*** Begin section ***
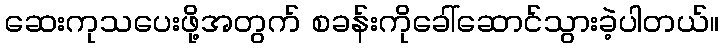
ဆေးကုသပေးဖို့အတွက် စခန်းကိုခေါ်ဆောင်သွားခဲ့ပါတယ်။
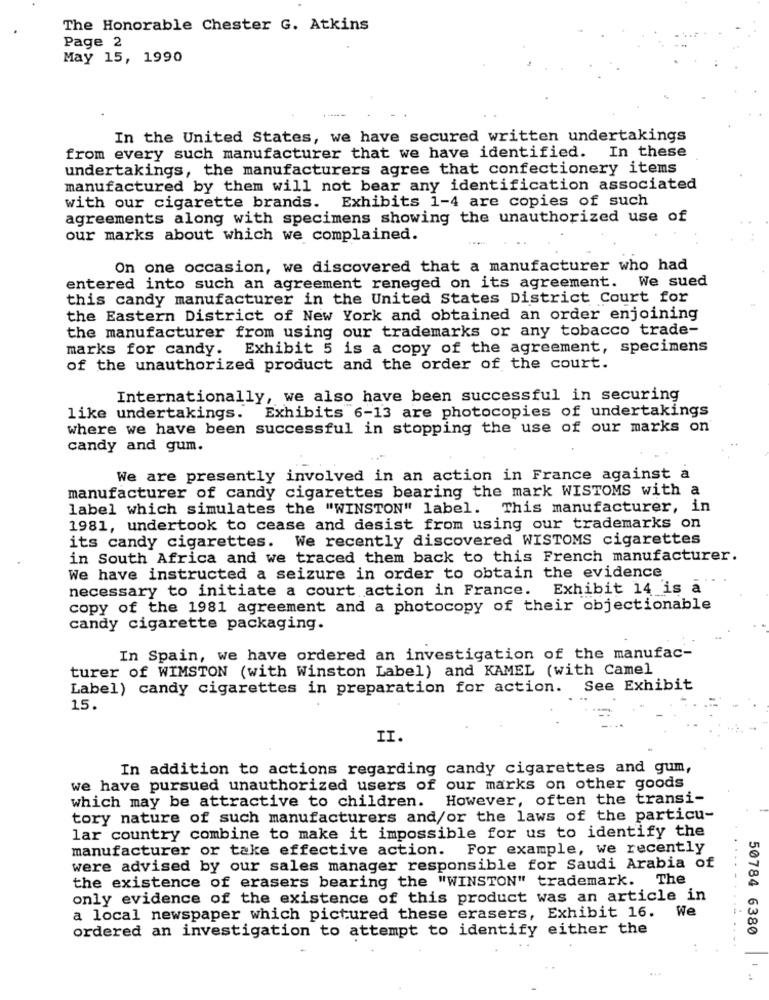
The Honorable Chester G. Atkins
Page 2
May 15, 1990
In the United States, we have secured written undertakings
from every such manufacturer that we have identified. In these
undertakings, the manufacturers agree that confectionery items
manufactured by them will not bear any identification associated
with our cigarette brands. Exhibits 1-4 are copies of such
agreements along with specimens showing the unauthorized use of
our marks about which we complained.
On one occasion, we discovered that a manufacturer who had
entered into such an agreement reneged on its agreement. We sued
this candy manufacturer in the United States District Court for
the Eastern District of New York and obtained an order enjoining
the manufacturer from using our trademarks or any tobacco trade-
marks for candy. Exhibit 5 is a copy of the agreement, specimens
of the unauthorized product and the order of the court.
Internationally, we also have been successful in securing
like undertakings.
Exhibits 6-13 are photocopies of undertakings
where we have been successful in stopping the use of our marks on
candy and gum.
We are presently involved in an action in France against a
manufacturer of candy cigarettes bearing the mark WISTOMS with a
label which simulates the "WINSTON" label. This manufacturer, in
1981, undertook to cease and desist from using our trademarks on
its candy cigarettes. We recently discovered WISTOMS cigarettes
in South Africa and we traced them back to this French manufacturer.
We have instructed a seizure in order to obtain the evidence
necessary to initiate a court action in France. Exhibit 14 is a
copy of the 1981 agreement and a photocopy of their objectionable
candy cigarette packaging.
In Spain, we have ordered an investigation of the manufac-
turer of WIMSTON (with Winston Label) and KAMEL (with Camel
Label) candy cigarettes in preparation for action. See Exhibit
15.
II.
In addition to actions regarding candy cigarettes and gum,
we have pursued unauthorized users of our marks on other goods
which may be attractive to children. However, often the transi-
tory nature of such manufacturers and/or the laws of the particu-
lar country combine to make it impossible for us to identify the
manufacturer or take effective action. For example, we recently
were advised by our sales manager responsible for Saudi Arabia of
the existence of erasers bearing the "WINSTON" trademark. The
only evidence of the existence of this product was an article in
a local newspaper which pictured these erasers, Exhibit 16. We
ordered an investigation to attempt to identify either the
50784 6380
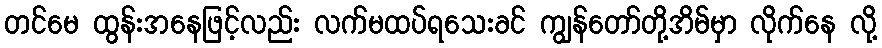
တင်မေ ထွန်းအနေဖြင့်လည်း လက်မထပ်ရသေးခင် ကျွန်တော်တို့အိမ်မှာ လိုက်နေ လို့
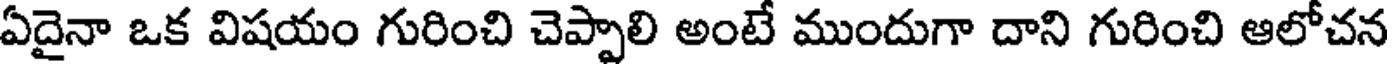
ఏదైనా ఒక విషయం గురించి చెప్పాలి అంటే ముందుగా దాని గురించి ఆలోచన
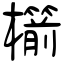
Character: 櫤
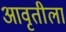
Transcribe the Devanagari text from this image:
आवृतीला
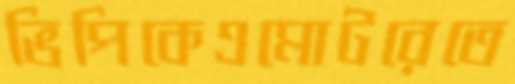
ভিপিকেএমোটরেতে
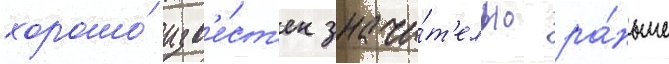
хорошо́ изв'е́ст'ен значи́т'ельно ра́ньше
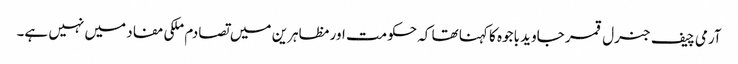
آرمی چیف جنرل قمر جاوید باجوہ کا کہنا تھا کہ حکومت اور مظاہرین میں تصادم ملکی مفاد میں نہیں ہے۔
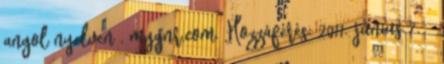
angol nyelven . mygnr.com. Hozzáférés: 2011. június 7. ↑
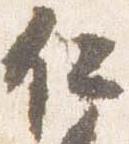
仁
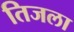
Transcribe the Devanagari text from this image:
तिजला
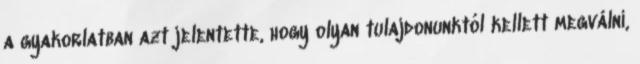
a gyakorlatban azt jelentette, hogy olyan tulajdonunktól kellett megválni,
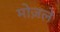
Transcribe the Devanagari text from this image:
मोज़ले
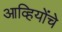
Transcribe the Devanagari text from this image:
आव्हियोंचे
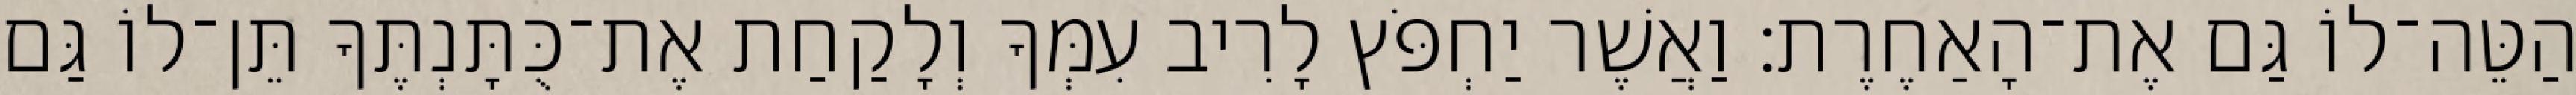
הַטֵּה־לוֹ גַּם אֶת־הָאַחֶרֶת׃ וַאֲשֶׁר יַחְפֹּץ לָרִיב עִמְּךָ וְלָקַחַת אֶת־כֻּתָּנְתֶּךָ תֵּן־לוֹ גַּם
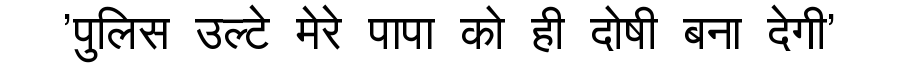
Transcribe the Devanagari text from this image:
'पुलिस उल्टे मेरे पापा को ही दोषी बना देगी'
*** End section ***
## WHAT THE TASK ASKS:
Write out every record exactly. Leave the pictures out.

## ANSWER BOX:
ဆေးကုသပေးဖို့အတွက် စခန်းကိုခေါ်ဆောင်သွားခဲ့ပါတယ်။
The Honorable Chester G. Atkins
Page 2
May 15, 1990
In the United States, we have secured written undertakings
from every such manufacturer that we have identified. In these
undertakings, the manufacturers agree that confectionery items
manufactured by them will not bear any identification associated
with our cigarette brands. Exhibits 1-4 are copies of such
agreements along with specimens showing the unauthorized use of
our marks about which we complained.
On one occasion, we discovered that a manufacturer who had
entered into such an agreement reneged on its agreement. We sued
this candy manufacturer in the United States District Court for
the Eastern District of New York and obtained an order enjoining
the manufacturer from using our trademarks or any tobacco trade-
marks for candy. Exhibit 5 is a copy of the agreement, specimens
of the unauthorized product and the order of the court.
Internationally, we also have been successful in securing
like undertakings.
Exhibits 6-13 are photocopies of undertakings
where we have been successful in stopping the use of our marks on
candy and gum.
We are presently involved in an action in France against a
manufacturer of candy cigarettes bearing the mark WISTOMS with a
label which simulates the "WINSTON" label. This manufacturer, in
1981, undertook to cease and desist from using our trademarks on
its candy cigarettes. We recently discovered WISTOMS cigarettes
in South Africa and we traced them back to this French manufacturer.
We have instructed a seizure in order to obtain the evidence
necessary to initiate a court action in France. Exhibit 14 is a
copy of the 1981 agreement and a photocopy of their objectionable
candy cigarette packaging.
In Spain, we have ordered an investigation of the manufac-
turer of WIMSTON (with Winston Label) and KAMEL (with Camel
Label) candy cigarettes in preparation for action. See Exhibit
15.
II.
In addition to actions regarding candy cigarettes and gum,
we have pursued unauthorized users of our marks on other goods
which may be attractive to children. However, often the transi-
tory nature of such manufacturers and/or the laws of the particu-
lar country combine to make it impossible for us to identify the
manufacturer or take effective action. For example, we recently
were advised by our sales manager responsible for Saudi Arabia of
the existence of erasers bearing the "WINSTON" trademark. The
only evidence of the existence of this product was an article in
a local newspaper which pictured these erasers, Exhibit 16. We
ordered an investigation to attempt to identify either the
50784 6380
တင်မေ ထွန်းအနေဖြင့်လည်း လက်မထပ်ရသေးခင် ကျွန်တော်တို့အိမ်မှာ လိုက်နေ လို့
ఏదైనా ఒక విషయం గురించి చెప్పాలి అంటే ముందుగా దాని గురించి ఆలోచన
Character: 櫤
Transcribe the Devanagari text from this image:
आवृतीला
ভিপিকেএমোটরেতে
хорошо́ изв'е́ст'ен значи́т'ельно ра́ньше
آرمی چیف جنرل قمر جاوید باجوہ کا کہنا تھا کہ حکومت اور مظاہرین میں تصادم ملکی مفاد میں نہیں ہے۔
angol nyelven . mygnr.com. Hozzáférés: 2011. június 7. ↑
仁
Transcribe the Devanagari text from this image:
तिजला
a gyakorlatban azt jelentette, hogy olyan tulajdonunktól kellett megválni,
Transcribe the Devanagari text from this image:
मोज़ले
Transcribe the Devanagari text from this image:
आव्हियोंचे
הַטֵּה־לוֹ גַּם אֶת־הָאַחֶרֶת׃ וַאֲשֶׁר יַחְפֹּץ לָרִיב עִמְּךָ וְלָקַחַת אֶת־כֻּתָּנְתֶּךָ תֵּן־לוֹ גַּם
Transcribe the Devanagari text from this image:
'पुलिस उल्टे मेरे पापा को ही दोषी बना देगी'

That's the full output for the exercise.